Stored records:
'''
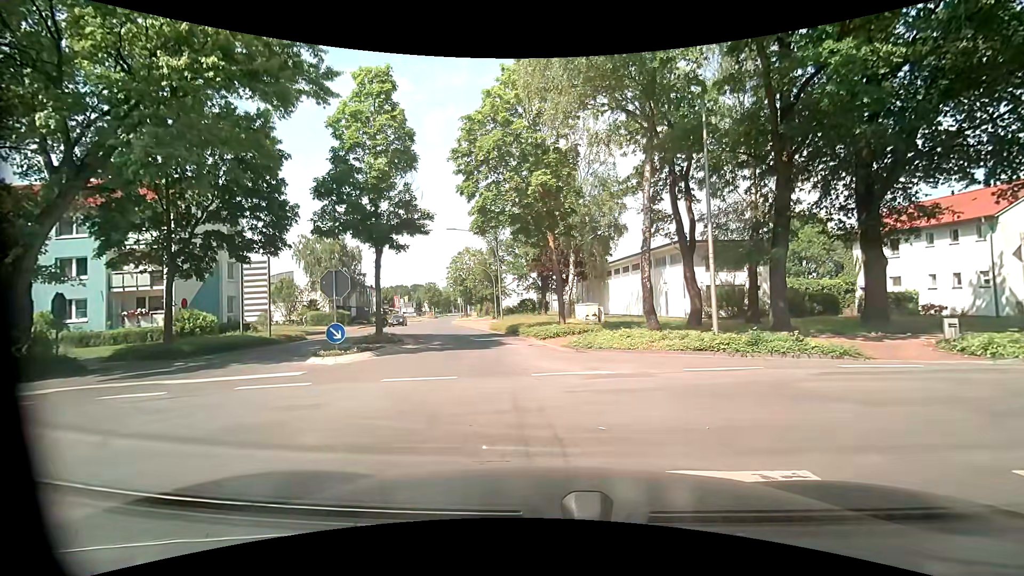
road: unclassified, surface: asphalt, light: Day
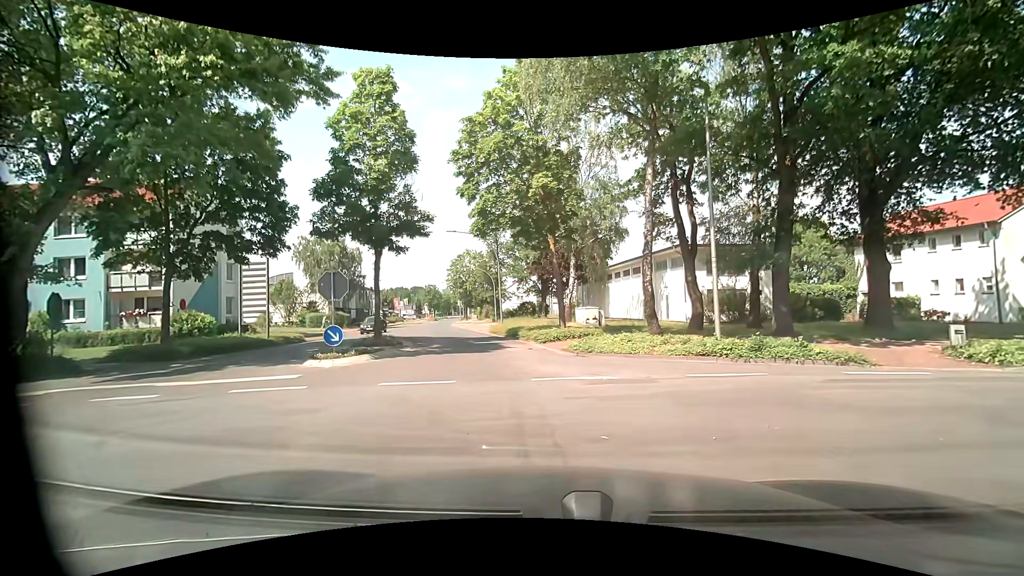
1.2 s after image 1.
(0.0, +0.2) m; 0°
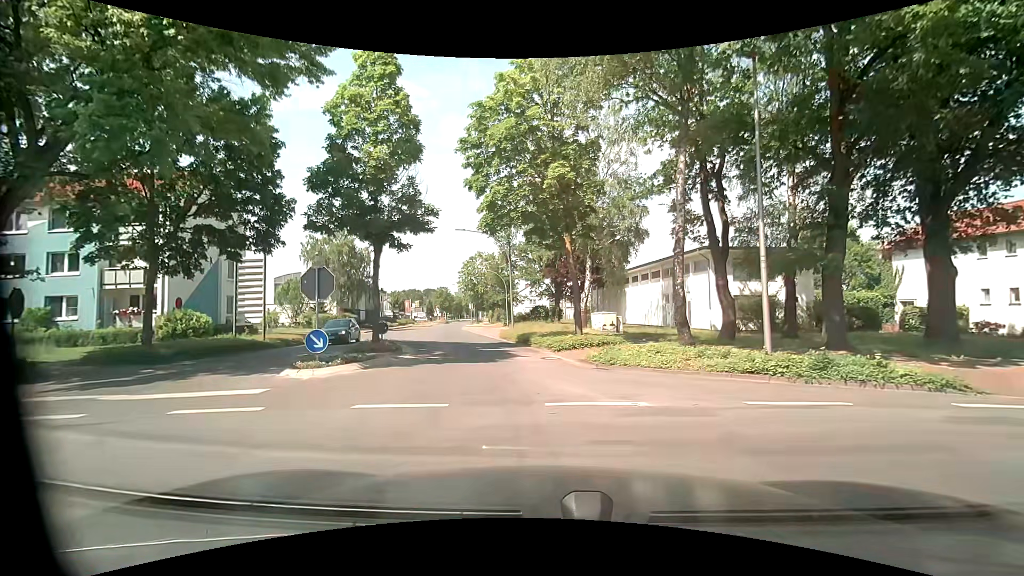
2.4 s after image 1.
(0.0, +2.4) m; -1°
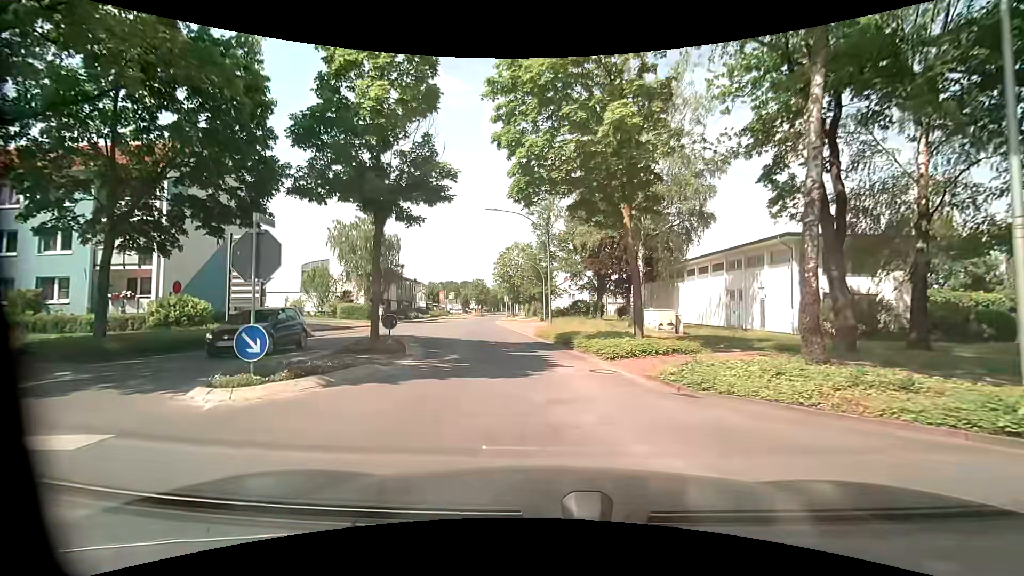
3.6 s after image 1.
'''
> **YOUR INSTRUCTIONS**
All preceding records should be duplicated verbatim, images excepted.

> **EXERCISE RESPONSE**
road: unclassified, surface: asphalt, light: Day
1.2 s after image 1.
(0.0, +0.2) m; 0°
2.4 s after image 1.
(0.0, +2.4) m; -1°
3.6 s after image 1.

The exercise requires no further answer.